Brunetti saw a café on the left, and they went in. The woman behind the bar smiled in welcome and asked what they’d like. Both of them had coffee and home-made brioche, which both of them complimented. When they were finished, Vianello took a twenty-Euro bill from his wallet. As he waited for his change, he asked, ‘Signora, could you tell me where the post office is?’

‘Don’t you poor people have a post office in Castello?’ she asked, hitting Vianello’s accent right on the nose.

‘Only in Via Garibaldi, Signora, or I can go to Sant’Elena if I want,’ Vianello answered straight-faced, exaggerating his Castello accent to tell her he understood the joke in her question.

‘It’s easy to find,’ she said. ‘You know where Da Romano is?’

‘Yes.’ Vianello had eaten there many times, and always well.

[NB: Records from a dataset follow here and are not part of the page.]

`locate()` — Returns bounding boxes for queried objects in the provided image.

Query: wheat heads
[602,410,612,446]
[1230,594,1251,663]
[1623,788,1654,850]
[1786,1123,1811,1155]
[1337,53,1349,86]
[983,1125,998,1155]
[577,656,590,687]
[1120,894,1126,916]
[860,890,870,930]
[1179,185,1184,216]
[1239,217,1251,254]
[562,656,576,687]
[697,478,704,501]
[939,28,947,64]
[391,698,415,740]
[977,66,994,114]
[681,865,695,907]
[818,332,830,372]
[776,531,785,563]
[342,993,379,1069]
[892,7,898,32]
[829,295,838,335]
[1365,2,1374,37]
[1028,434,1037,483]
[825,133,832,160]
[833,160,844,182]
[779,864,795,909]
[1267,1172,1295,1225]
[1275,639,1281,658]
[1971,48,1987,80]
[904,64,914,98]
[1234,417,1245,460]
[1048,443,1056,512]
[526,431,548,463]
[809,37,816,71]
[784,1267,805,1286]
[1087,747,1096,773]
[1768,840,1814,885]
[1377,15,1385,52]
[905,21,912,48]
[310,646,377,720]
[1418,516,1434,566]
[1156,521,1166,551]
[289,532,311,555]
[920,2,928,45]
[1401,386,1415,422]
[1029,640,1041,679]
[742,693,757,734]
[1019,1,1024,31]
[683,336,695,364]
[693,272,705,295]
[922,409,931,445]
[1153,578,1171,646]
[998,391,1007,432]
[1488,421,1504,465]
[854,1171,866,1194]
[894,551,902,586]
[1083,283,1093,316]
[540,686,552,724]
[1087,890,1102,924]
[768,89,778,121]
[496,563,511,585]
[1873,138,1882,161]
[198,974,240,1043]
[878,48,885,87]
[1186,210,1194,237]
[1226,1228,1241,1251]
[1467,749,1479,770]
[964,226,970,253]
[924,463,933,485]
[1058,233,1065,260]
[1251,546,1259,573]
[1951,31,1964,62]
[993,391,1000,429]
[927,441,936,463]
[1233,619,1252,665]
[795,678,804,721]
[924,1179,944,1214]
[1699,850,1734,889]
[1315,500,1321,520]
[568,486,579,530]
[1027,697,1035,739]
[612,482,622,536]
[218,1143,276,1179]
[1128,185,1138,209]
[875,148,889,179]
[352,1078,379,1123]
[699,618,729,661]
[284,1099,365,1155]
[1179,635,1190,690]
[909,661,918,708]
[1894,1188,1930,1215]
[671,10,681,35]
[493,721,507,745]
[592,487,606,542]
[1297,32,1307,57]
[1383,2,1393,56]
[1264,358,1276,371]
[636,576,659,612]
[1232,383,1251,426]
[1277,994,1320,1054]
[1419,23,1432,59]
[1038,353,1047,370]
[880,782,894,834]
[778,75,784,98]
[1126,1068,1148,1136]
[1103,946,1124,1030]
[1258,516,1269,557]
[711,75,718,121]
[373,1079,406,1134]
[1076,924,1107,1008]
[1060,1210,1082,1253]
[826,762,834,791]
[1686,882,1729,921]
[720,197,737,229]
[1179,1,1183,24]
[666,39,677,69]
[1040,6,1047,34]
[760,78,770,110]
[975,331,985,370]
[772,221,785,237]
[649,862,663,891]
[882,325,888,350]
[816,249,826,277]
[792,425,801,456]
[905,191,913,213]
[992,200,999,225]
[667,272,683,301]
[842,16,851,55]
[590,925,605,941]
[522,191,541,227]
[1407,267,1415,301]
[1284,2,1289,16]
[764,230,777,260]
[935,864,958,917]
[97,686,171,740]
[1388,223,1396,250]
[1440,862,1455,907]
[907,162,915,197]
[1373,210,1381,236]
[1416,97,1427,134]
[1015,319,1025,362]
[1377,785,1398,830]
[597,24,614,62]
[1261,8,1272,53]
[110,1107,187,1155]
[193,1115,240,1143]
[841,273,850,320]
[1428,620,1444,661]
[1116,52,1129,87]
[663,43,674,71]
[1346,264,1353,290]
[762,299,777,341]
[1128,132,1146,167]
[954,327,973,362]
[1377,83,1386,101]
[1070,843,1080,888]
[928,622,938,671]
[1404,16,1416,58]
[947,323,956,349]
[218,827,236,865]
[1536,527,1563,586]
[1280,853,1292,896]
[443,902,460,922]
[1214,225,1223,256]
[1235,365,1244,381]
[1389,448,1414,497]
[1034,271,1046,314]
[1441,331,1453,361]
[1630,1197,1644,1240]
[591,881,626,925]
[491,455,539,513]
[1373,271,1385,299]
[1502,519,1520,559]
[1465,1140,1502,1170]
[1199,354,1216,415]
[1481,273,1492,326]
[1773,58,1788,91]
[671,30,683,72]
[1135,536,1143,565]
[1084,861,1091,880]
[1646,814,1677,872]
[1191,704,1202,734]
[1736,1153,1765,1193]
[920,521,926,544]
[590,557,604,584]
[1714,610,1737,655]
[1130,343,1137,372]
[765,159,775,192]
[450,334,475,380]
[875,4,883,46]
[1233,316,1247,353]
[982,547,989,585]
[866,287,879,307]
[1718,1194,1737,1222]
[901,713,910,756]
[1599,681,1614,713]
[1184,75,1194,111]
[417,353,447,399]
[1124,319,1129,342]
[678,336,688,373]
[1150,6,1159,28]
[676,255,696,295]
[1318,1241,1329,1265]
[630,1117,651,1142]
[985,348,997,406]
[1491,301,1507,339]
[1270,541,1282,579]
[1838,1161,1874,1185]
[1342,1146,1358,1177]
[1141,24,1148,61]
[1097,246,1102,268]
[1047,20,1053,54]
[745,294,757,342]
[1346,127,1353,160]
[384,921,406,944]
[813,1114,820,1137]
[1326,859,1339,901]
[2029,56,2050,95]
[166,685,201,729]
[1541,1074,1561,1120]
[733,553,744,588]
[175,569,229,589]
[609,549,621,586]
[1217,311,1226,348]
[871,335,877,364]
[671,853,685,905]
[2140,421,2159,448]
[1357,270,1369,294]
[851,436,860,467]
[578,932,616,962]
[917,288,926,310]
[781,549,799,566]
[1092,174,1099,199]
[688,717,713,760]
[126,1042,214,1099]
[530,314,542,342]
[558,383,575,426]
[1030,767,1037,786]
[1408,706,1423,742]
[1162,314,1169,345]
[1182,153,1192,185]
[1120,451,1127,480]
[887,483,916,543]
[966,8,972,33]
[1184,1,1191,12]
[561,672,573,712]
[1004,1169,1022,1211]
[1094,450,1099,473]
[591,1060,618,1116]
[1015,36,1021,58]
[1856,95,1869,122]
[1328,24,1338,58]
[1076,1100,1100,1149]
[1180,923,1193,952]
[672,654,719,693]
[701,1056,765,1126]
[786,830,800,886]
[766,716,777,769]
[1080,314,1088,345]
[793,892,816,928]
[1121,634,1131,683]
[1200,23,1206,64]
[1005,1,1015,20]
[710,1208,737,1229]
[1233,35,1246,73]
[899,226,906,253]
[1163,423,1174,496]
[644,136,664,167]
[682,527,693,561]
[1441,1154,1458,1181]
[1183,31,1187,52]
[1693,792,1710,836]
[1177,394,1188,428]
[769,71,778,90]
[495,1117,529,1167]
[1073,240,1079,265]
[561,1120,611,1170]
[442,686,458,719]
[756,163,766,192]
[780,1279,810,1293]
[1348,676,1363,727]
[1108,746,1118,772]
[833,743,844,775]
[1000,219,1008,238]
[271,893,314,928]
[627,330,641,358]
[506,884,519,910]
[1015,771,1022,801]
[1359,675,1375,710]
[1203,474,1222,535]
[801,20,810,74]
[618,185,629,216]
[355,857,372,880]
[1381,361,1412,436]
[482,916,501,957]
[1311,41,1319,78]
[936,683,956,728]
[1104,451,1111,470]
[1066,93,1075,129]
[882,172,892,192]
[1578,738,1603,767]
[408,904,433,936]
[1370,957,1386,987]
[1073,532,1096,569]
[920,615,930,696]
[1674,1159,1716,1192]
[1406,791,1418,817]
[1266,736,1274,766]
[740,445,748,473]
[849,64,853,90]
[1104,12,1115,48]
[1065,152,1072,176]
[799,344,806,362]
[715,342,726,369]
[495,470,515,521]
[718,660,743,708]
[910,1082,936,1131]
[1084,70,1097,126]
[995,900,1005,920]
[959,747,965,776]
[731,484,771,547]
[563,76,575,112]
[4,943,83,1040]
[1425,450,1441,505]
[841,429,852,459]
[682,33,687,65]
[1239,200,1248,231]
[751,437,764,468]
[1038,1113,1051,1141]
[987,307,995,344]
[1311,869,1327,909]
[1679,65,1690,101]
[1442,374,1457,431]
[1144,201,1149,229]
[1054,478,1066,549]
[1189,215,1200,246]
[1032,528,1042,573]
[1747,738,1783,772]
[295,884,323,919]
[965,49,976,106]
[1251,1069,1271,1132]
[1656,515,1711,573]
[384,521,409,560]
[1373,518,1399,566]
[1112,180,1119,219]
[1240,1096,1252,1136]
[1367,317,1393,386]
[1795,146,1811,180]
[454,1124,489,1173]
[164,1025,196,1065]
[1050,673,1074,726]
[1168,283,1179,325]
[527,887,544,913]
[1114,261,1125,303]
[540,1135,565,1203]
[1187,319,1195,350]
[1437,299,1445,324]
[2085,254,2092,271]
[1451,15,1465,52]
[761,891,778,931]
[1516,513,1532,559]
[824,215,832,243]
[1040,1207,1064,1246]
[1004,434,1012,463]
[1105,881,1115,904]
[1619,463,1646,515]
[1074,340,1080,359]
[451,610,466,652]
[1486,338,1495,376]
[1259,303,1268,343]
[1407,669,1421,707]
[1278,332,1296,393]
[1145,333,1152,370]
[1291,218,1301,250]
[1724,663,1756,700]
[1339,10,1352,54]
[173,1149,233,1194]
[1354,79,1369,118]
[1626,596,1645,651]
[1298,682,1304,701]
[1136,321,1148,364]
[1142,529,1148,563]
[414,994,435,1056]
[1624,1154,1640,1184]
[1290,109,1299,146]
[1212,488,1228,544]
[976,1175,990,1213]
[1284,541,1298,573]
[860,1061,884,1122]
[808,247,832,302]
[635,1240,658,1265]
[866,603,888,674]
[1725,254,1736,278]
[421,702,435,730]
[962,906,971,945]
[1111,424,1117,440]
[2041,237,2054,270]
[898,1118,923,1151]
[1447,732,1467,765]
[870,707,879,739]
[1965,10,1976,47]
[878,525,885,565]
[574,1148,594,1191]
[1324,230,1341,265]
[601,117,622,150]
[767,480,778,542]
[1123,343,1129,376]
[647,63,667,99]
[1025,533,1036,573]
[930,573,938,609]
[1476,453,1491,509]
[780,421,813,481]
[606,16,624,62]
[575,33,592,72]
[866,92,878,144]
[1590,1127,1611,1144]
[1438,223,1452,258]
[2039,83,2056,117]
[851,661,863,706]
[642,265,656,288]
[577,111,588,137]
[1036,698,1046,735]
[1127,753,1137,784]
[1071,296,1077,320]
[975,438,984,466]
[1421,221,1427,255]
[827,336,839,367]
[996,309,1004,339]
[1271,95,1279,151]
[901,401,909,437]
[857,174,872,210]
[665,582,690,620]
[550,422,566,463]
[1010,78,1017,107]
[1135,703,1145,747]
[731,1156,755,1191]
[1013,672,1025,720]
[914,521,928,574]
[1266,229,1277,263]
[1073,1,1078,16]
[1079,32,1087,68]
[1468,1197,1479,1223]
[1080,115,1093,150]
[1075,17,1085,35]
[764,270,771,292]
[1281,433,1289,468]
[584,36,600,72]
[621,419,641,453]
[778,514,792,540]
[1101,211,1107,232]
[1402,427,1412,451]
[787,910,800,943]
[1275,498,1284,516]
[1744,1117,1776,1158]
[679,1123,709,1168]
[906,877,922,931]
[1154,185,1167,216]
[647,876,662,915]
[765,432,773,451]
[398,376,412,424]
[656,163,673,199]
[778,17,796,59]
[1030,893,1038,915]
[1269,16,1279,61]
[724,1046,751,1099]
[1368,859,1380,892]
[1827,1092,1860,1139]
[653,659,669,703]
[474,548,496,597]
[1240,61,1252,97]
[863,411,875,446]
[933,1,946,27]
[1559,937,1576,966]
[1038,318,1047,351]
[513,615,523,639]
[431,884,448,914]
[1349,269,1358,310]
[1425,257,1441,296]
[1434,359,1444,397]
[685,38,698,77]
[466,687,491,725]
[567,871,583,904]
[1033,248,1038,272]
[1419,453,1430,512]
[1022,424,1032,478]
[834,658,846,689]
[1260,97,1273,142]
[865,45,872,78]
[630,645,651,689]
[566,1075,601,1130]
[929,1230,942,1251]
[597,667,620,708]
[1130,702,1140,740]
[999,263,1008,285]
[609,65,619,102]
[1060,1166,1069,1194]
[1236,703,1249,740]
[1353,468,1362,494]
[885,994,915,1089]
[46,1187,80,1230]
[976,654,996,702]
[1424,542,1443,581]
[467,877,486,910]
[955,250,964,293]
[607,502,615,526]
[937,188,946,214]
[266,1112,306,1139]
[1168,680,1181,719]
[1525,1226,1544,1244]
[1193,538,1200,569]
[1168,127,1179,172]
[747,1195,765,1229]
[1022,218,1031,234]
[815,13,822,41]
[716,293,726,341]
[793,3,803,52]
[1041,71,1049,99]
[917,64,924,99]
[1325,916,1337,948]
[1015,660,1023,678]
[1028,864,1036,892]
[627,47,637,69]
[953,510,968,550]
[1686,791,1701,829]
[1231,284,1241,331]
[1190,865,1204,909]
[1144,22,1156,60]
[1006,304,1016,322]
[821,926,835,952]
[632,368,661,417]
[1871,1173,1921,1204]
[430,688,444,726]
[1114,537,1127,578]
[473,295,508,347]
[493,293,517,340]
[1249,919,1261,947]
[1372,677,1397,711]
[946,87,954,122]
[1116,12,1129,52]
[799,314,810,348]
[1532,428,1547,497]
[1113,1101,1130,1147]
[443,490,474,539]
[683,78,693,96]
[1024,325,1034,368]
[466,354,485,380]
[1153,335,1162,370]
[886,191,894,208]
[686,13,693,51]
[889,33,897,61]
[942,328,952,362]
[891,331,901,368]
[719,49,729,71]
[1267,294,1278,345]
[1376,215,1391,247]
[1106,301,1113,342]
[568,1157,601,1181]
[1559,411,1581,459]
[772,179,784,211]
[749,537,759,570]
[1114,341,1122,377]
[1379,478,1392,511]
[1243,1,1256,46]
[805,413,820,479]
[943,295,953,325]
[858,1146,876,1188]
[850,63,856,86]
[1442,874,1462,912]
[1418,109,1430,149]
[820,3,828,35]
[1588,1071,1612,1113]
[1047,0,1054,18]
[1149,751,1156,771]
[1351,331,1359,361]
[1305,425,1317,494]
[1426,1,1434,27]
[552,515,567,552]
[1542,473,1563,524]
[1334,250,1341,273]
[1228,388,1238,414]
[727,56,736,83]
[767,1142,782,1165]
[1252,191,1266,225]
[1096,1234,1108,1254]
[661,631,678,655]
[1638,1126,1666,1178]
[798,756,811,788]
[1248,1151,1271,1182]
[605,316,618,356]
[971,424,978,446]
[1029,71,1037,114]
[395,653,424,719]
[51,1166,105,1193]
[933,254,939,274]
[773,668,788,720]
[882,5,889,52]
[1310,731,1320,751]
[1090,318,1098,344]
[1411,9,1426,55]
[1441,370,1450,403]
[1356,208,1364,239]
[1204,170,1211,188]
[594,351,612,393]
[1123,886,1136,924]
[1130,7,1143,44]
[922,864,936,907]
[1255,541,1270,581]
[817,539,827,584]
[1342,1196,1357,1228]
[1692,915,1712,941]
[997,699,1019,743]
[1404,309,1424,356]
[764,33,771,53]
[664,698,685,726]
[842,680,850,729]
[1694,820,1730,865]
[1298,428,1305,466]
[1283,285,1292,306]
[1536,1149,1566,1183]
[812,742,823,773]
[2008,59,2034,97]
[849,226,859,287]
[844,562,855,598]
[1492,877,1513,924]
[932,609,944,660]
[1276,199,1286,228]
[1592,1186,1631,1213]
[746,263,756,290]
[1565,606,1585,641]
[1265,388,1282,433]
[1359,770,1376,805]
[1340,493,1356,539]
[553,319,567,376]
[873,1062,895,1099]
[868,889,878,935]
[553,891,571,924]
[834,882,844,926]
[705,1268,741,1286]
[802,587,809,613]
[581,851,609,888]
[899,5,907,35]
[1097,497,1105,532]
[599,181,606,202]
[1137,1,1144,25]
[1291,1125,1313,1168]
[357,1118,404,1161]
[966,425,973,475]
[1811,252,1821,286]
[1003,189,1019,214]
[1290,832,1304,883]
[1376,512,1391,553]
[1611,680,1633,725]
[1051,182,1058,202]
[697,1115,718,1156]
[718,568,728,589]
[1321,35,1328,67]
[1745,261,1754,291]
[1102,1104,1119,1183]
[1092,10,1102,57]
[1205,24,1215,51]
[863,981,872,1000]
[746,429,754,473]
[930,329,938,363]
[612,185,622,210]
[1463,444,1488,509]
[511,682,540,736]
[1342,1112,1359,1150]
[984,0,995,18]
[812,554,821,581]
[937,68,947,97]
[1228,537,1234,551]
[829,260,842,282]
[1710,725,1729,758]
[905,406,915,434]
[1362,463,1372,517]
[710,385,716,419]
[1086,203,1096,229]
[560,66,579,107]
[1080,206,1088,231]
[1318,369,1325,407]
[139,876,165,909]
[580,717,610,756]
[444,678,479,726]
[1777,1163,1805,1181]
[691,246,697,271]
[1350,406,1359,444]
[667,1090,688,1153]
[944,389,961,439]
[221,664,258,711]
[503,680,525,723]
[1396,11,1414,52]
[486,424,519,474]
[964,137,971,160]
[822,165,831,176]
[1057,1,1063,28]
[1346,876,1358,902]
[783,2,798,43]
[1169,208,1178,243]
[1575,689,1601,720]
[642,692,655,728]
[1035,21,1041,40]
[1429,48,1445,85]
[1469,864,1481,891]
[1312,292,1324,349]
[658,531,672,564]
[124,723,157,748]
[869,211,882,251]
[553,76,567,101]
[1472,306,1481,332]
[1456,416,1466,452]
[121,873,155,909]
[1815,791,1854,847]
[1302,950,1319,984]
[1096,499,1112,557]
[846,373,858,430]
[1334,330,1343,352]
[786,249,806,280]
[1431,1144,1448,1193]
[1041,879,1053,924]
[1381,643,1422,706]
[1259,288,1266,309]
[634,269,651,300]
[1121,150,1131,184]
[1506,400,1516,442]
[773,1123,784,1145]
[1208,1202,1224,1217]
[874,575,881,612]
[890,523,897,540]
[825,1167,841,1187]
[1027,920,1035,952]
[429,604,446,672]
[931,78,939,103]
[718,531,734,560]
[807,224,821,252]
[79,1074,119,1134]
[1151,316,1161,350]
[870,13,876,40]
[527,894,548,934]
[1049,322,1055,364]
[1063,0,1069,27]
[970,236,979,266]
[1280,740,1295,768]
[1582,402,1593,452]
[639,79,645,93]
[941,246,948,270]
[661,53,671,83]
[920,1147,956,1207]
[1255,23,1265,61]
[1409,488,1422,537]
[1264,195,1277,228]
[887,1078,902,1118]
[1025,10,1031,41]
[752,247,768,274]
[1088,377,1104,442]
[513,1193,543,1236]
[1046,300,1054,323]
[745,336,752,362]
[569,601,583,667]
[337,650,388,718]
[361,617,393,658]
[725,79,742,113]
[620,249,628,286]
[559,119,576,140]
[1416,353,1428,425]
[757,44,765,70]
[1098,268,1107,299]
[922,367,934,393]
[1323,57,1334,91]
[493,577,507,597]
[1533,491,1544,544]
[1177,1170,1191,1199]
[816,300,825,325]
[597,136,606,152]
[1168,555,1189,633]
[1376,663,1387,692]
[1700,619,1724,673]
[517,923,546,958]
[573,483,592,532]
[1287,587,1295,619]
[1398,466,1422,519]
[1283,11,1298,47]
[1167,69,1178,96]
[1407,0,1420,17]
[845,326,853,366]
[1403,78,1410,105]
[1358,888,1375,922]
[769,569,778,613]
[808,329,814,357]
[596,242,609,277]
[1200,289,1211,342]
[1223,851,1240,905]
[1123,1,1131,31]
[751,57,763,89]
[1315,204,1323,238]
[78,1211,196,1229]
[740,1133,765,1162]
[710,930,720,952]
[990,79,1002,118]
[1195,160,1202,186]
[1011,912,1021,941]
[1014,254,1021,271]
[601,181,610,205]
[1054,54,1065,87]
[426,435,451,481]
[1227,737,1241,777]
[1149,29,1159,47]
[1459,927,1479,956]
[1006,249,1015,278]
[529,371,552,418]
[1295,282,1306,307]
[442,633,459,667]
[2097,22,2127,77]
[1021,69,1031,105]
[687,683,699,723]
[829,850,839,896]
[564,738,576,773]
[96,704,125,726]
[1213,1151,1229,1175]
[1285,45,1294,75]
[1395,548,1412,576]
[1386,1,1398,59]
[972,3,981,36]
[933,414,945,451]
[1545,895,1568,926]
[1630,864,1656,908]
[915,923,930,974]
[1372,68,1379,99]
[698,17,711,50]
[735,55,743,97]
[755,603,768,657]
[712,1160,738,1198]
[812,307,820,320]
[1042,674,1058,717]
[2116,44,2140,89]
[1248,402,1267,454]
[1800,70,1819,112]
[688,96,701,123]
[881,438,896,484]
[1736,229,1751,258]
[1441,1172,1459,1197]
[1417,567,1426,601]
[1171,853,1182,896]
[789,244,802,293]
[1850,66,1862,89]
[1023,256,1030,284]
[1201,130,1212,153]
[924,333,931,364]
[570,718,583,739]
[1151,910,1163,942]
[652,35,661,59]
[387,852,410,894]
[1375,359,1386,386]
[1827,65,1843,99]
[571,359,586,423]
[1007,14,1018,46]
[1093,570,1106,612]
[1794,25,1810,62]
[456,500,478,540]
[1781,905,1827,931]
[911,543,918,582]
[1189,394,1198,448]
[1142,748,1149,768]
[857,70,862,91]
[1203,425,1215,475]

‘Turn into the calle just before it, and cross the bridge. That will take you right to it. It’s open until two.’ She gave Vianello his change with a smile, and the two men left the bar.

The post office stood on Rio Terranova, stuck between a tabaccheria and a shop selling masks and other souvenirs. They entered and found a broad wooden counter behind which sat two women. There were two old men standing in front of the first, two old women in front of the other. Brunetti glanced around for some sign of an office and saw an open door just opposite the entrance.